* [SUPPLIED MATERIAL]:
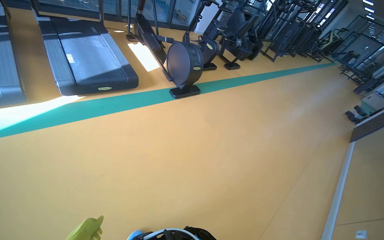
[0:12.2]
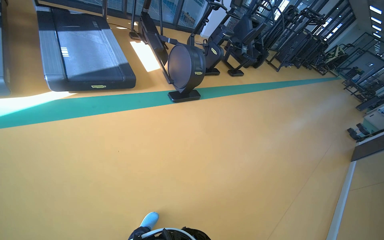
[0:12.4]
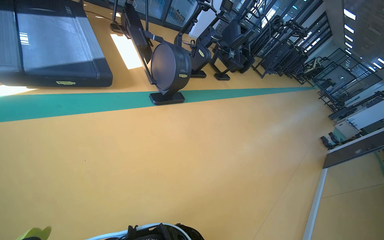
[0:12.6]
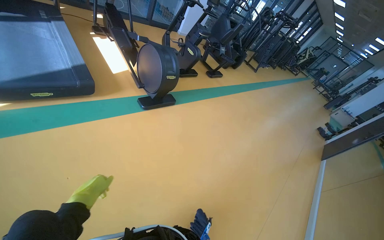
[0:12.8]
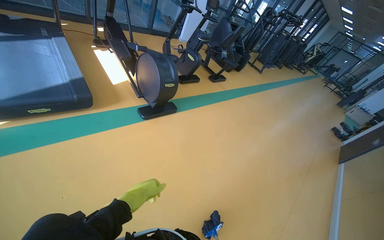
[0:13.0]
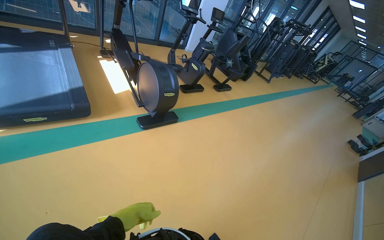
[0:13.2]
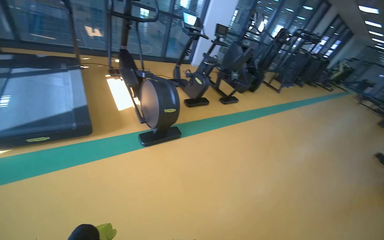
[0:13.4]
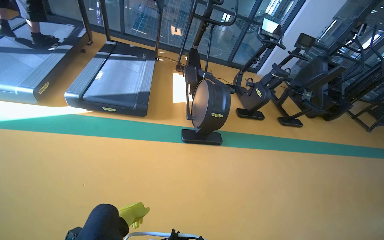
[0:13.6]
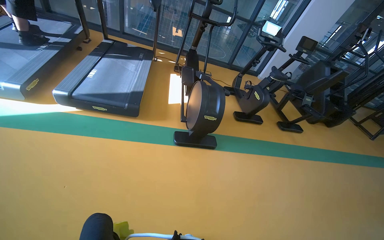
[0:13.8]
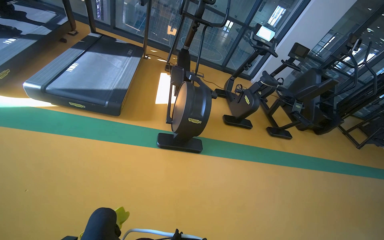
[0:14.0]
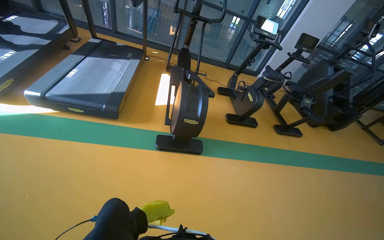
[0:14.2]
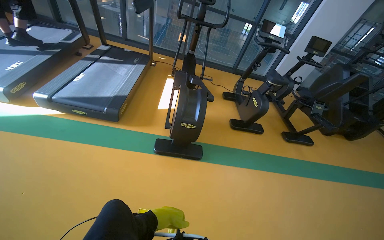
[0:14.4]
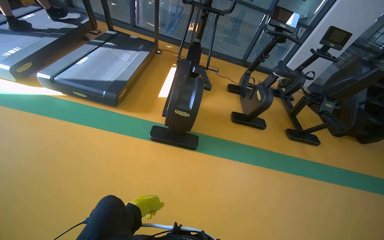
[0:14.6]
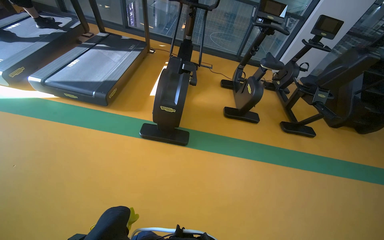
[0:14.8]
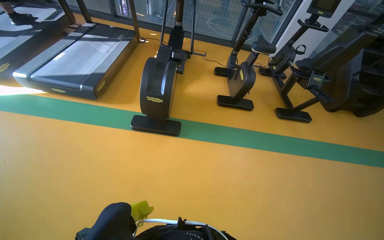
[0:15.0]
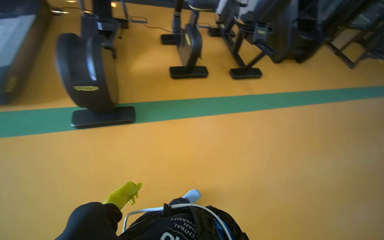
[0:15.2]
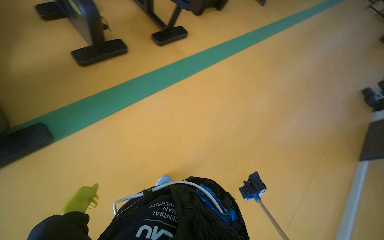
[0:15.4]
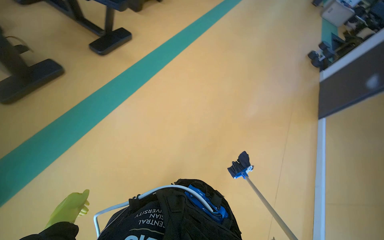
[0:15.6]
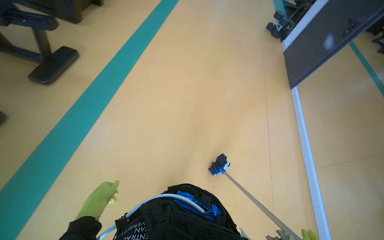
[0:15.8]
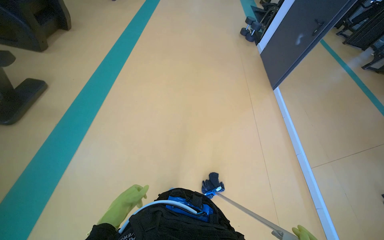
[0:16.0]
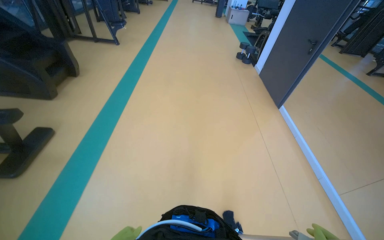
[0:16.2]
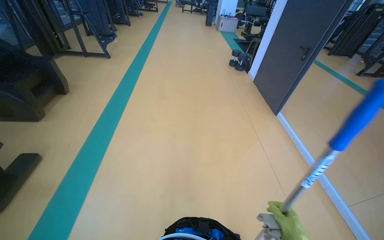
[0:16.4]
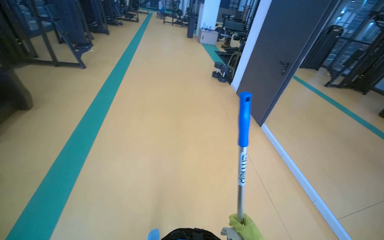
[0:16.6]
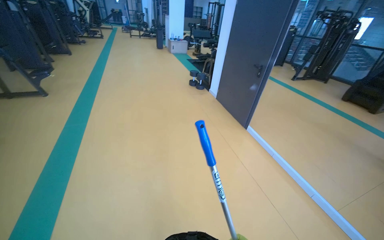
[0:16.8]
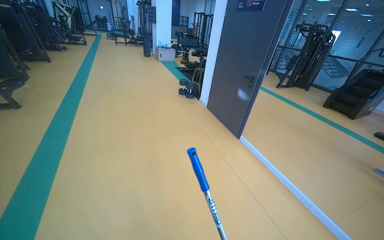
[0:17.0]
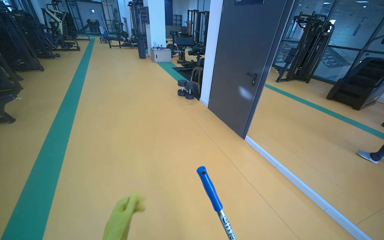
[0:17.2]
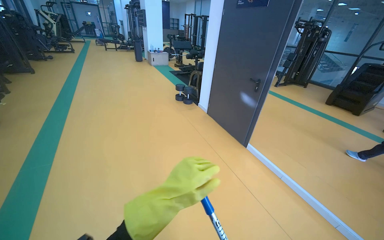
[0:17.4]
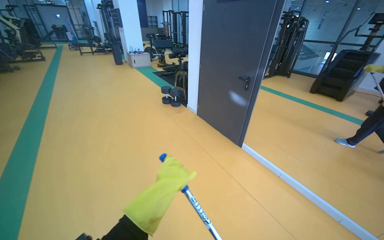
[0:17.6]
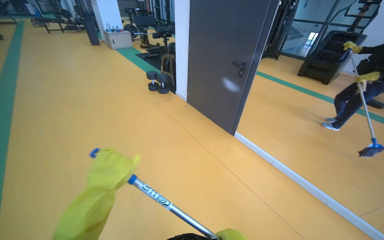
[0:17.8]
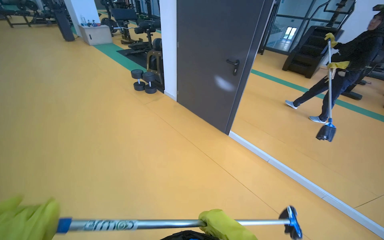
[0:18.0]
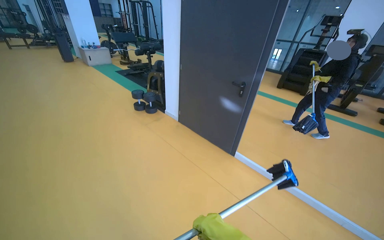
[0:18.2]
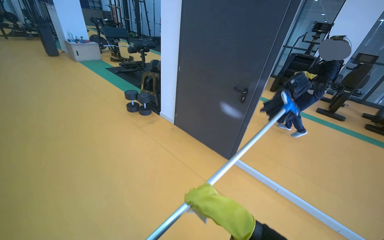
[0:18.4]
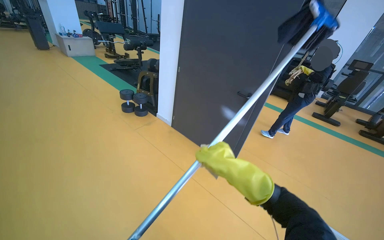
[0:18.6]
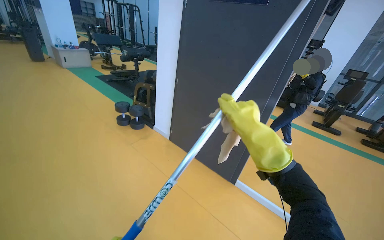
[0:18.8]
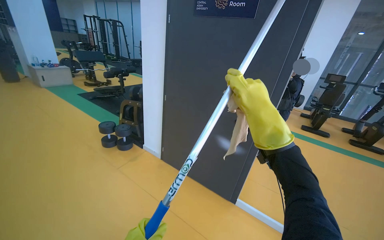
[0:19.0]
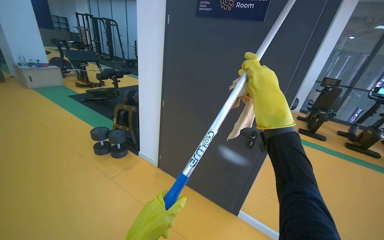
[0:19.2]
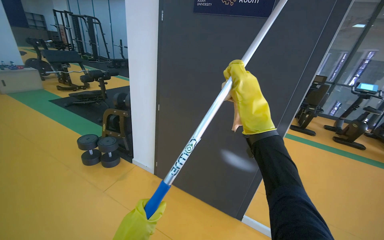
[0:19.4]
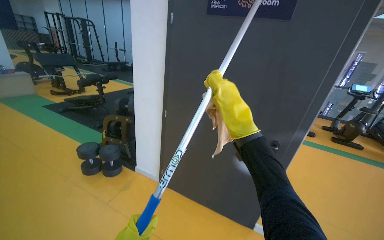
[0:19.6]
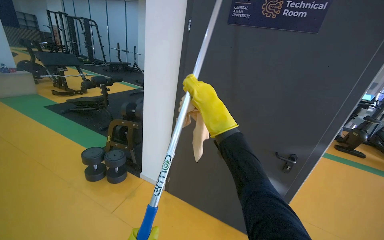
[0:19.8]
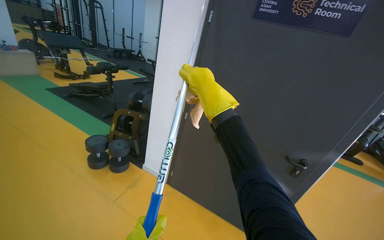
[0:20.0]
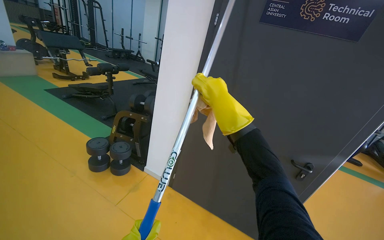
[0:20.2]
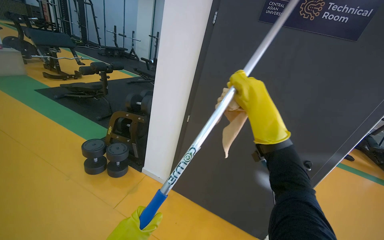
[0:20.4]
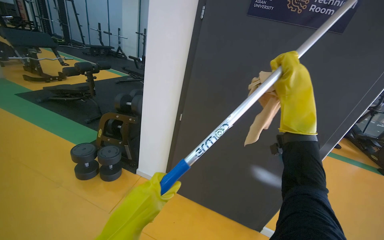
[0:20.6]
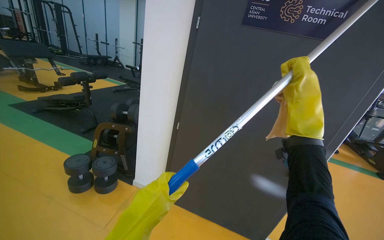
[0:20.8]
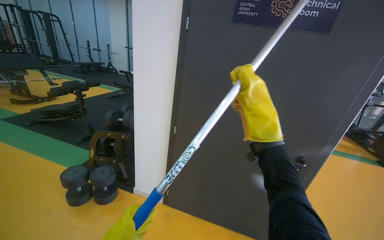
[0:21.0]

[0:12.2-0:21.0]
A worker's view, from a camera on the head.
Job: cleaning windows.
The whole recording: Cleaning gym windows. The worker cleans the gym windows using a long pole and wipes the frames with a cloth.
0:12.2 to 0:13.6: The wearer moves roughly 90 cm. The head turns to the left by about 30 degrees.
0:13.6 to 0:15.2: The wearer moves to the right, roughly 1 m. The view tips downward by about 15 degrees.
0:15.2 to 0:16.6: The camera travels roughly 90 cm. The head turns to the right by roughly 70 degrees.
0:16.6 to 0:18.0: The head travels roughly 1 m. The wearer's head swings about 35 degrees to the right.
0:18.0 to 0:19.6: The wearer moves about 1 m. The camera sweeps to the right, by roughly 20 degrees. The wearer looks about 15 degrees further upward.

* [WORK ORDER]: Reproduce each record above by retyping it exactly; omit all images.

* [ANSWER FOR THIS EXERCISE]:
[0:12.2]
[0:12.4]
[0:12.6]
[0:12.8]
[0:13.0]
[0:13.2]
[0:13.4]
[0:13.6]
[0:13.8]
[0:14.0]
[0:14.2]
[0:14.4]
[0:14.6]
[0:14.8]
[0:15.0]
[0:15.2]
[0:15.4]
[0:15.6]
[0:15.8]
[0:16.0]
[0:16.2]
[0:16.4]
[0:16.6]
[0:16.8]
[0:17.0]
[0:17.2]
[0:17.4]
[0:17.6]
[0:17.8]
[0:18.0]
[0:18.2]
[0:18.4]
[0:18.6]
[0:18.8]
[0:19.0]
[0:19.2]
[0:19.4]
[0:19.6]
[0:19.8]
[0:20.0]
[0:20.2]
[0:20.4]
[0:20.6]
[0:20.8]
[0:21.0]

[0:12.2-0:21.0]
A worker's view, from a camera on the head.
Job: cleaning windows.
The whole recording: Cleaning gym windows. The worker cleans the gym windows using a long pole and wipes the frames with a cloth.
0:12.2 to 0:13.6: The wearer moves roughly 90 cm. The head turns to the left by about 30 degrees.
0:13.6 to 0:15.2: The wearer moves to the right, roughly 1 m. The view tips downward by about 15 degrees.
0:15.2 to 0:16.6: The camera travels roughly 90 cm. The head turns to the right by roughly 70 degrees.
0:16.6 to 0:18.0: The head travels roughly 1 m. The wearer's head swings about 35 degrees to the right.
0:18.0 to 0:19.6: The wearer moves about 1 m. The camera sweeps to the right, by roughly 20 degrees. The wearer looks about 15 degrees further upward.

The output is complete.